What you want is a very expensive operation in an ArrayList. It requires shifting every element between the beginning of the list and the location of Cdown by one.

你想要的是一个非常昂贵的ArrayList. 它需要将列表开头和Cdown位置之间的每个元素移动一个。

However, if you really want to do it:

但是，如果您真的想这样做：

int index = url.indexOf(itemToMove);
url.remove(index);
url.add(0, itemToMove);

If this is a frequent operation for you, and random access is rather less frequent, you might consider switching to another Listimplementation such as LinkedList. You should also consider whether a list is the right data structure at all if you're so concerned about the order of elements.

如果这对您来说是一个频繁的操作，而随机访问的频率较低，您可以考虑切换到另一个List实现，例如LinkedList. 如果您非常关心元素的顺序，您还应该考虑列表是否是正确的数据结构。

Do this:

做这个：

1. Removethe element from the list: ArraylistObj.remove(object);
2. Addthe element backto the list at specific position: ArrayListObj.add(position, Object);

1. 从列表中删除元素：ArraylistObj.remove(object);
2. 将元素添加回特定位置的列表：ArrayListObj.add(position, Object);

As per your code use this :

根据您的代码使用此：

url.remove("C");
url.add(0,"C");

The problem is, you swap C with A, so A B C D E becomes C B A D E.

问题是，你把 C 换成 A，所以 ABCDE 变成了 CBAD E。

You could try something like this:

你可以尝试这样的事情：

url.remove(itemToMove);
url.add(0, itemToMove);

Or if urlis a LinkedList:

或者如果url是LinkedList：

url.remove(itemToMove);
url.addFirst(itemToMove);

This code will allow you to increase size of list, and insert elements without otherwise disturbing order of list

此代码将允许您增加列表的大小，并在不干扰列表顺序的情况下插入元素

private void insert(double price){
    for(int i = 0; i < keys.size(); i++){
        if(price > keys.get(i)){
            keys.add(null);
            for(int j = keys.size()-1; j > i; j--){
                Collections.swap(keys, j, j-1);
            }
            keys.add(price);
            Collections.swap(keys, keys.size()-1, i);
            keys.remove(keys.size()-1);
            return;
        }
    }
    keys.add(price);
}

Let say you have an array:

假设你有一个数组：

String[] arrayOne = new String[]{"A","B","C","D","E"};

Now you want to place the Cat index 0get the Cin another variable

现在，你要放置C在指数0得到C另一个变量

String characterC = arrayOne[2];

Now run the loop like following:

现在运行如下循环：

for (int i = (2 - 1); i >= 0; i--) {

            arrayOne[i+1] = arrayOne[i];
        }

Above 2is index of C. Now insert Cat index for example on 0

以上2是 的索引C。
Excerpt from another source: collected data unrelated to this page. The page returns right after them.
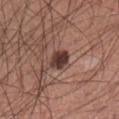Q: Is there a histopathology result?
A: no biopsy performed (imaged during a skin exam)
Q: Lesion size?
A: about 2.5 mm
Q: Where on the body is the lesion?
A: the right lower leg
Q: What is the imaging modality?
A: ~15 mm tile from a whole-body skin photo
Q: Illumination type?
A: white-light illumination
Q: Patient demographics?
A: male, in their mid- to late 40s
Q: What did automated image analysis measure?
A: about 14 CIELAB-L* units darker than the surrounding skin and a lesion-to-skin contrast of about 12 (normalized; higher = more distinct); a border-irregularity rating of about 2/10, internal color variation of about 4 on a 0–10 scale, and peripheral color asymmetry of about 1.5; a detector confidence of about 100 out of 100 that the crop contains a lesion
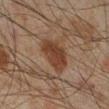Q: Was a biopsy performed?
A: imaged on a skin check; not biopsied
Q: What is the lesion's diameter?
A: ≈4.5 mm
Q: Patient demographics?
A: male, aged approximately 45
Q: Where on the body is the lesion?
A: the right lower leg
Q: Automated lesion metrics?
A: a lesion area of about 12 mm², an eccentricity of roughly 0.7, and a shape-asymmetry score of about 0.25 (0 = symmetric); a mean CIELAB color near L≈32 a*≈16 b*≈25, about 8 CIELAB-L* units darker than the surrounding skin, and a normalized border contrast of about 8.5; an automated nevus-likeness rating near 90 out of 100 and a detector confidence of about 100 out of 100 that the crop contains a lesion
Q: How was the tile lit?
A: cross-polarized illumination
Q: What is the imaging modality?
A: ~15 mm tile from a whole-body skin photo
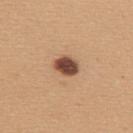  biopsy_status: not biopsied; imaged during a skin examination
  automated_metrics:
    vs_skin_contrast_norm: 13.5
    border_irregularity_0_10: 1.5
    color_variation_0_10: 4.0
    peripheral_color_asymmetry: 1.5
    nevus_likeness_0_100: 90
  site: upper back
  lesion_size:
    long_diameter_mm_approx: 3.0
  lighting: white-light
  patient:
    sex: female
    age_approx: 45
  image:
    source: total-body photography crop
    field_of_view_mm: 15
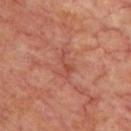The lesion is on the front of the torso.
A male subject approximately 65 years of age.
An algorithmic analysis of the crop reported a footprint of about 5 mm² and an outline eccentricity of about 0.9 (0 = round, 1 = elongated).
The tile uses cross-polarized illumination.
Cropped from a total-body skin-imaging series; the visible field is about 15 mm.

现在C在索引处插入例如0

arrayOne[0] = characterC;

Result of above loop will be like that:

上面循环的结果将是这样的：

arrayOne: {"C","A","B","D","E"}

The end, we achieve our goal.

最终，我们实现了目标。

Another solution, just keep swaping from 0to indexOf(itemToMove).

另一种解决方案，只需不断从0to交换即可indexOf(itemToMove)。

This is my Kotlin version:

这是我的 Kotlin 版本：

val list = mutableListOf('A', 'B', 'C', 'D', 'E')
(0..list.indexOf('C')).forEach {
    Collections.swap(list, 0, it)
}

Sorry I am unfamiliar with Java but learned a little Kotlin. But the algorithm is the same.

抱歉，我不熟悉 Java，但学习了一点 Kotlin。但是算法是一样的。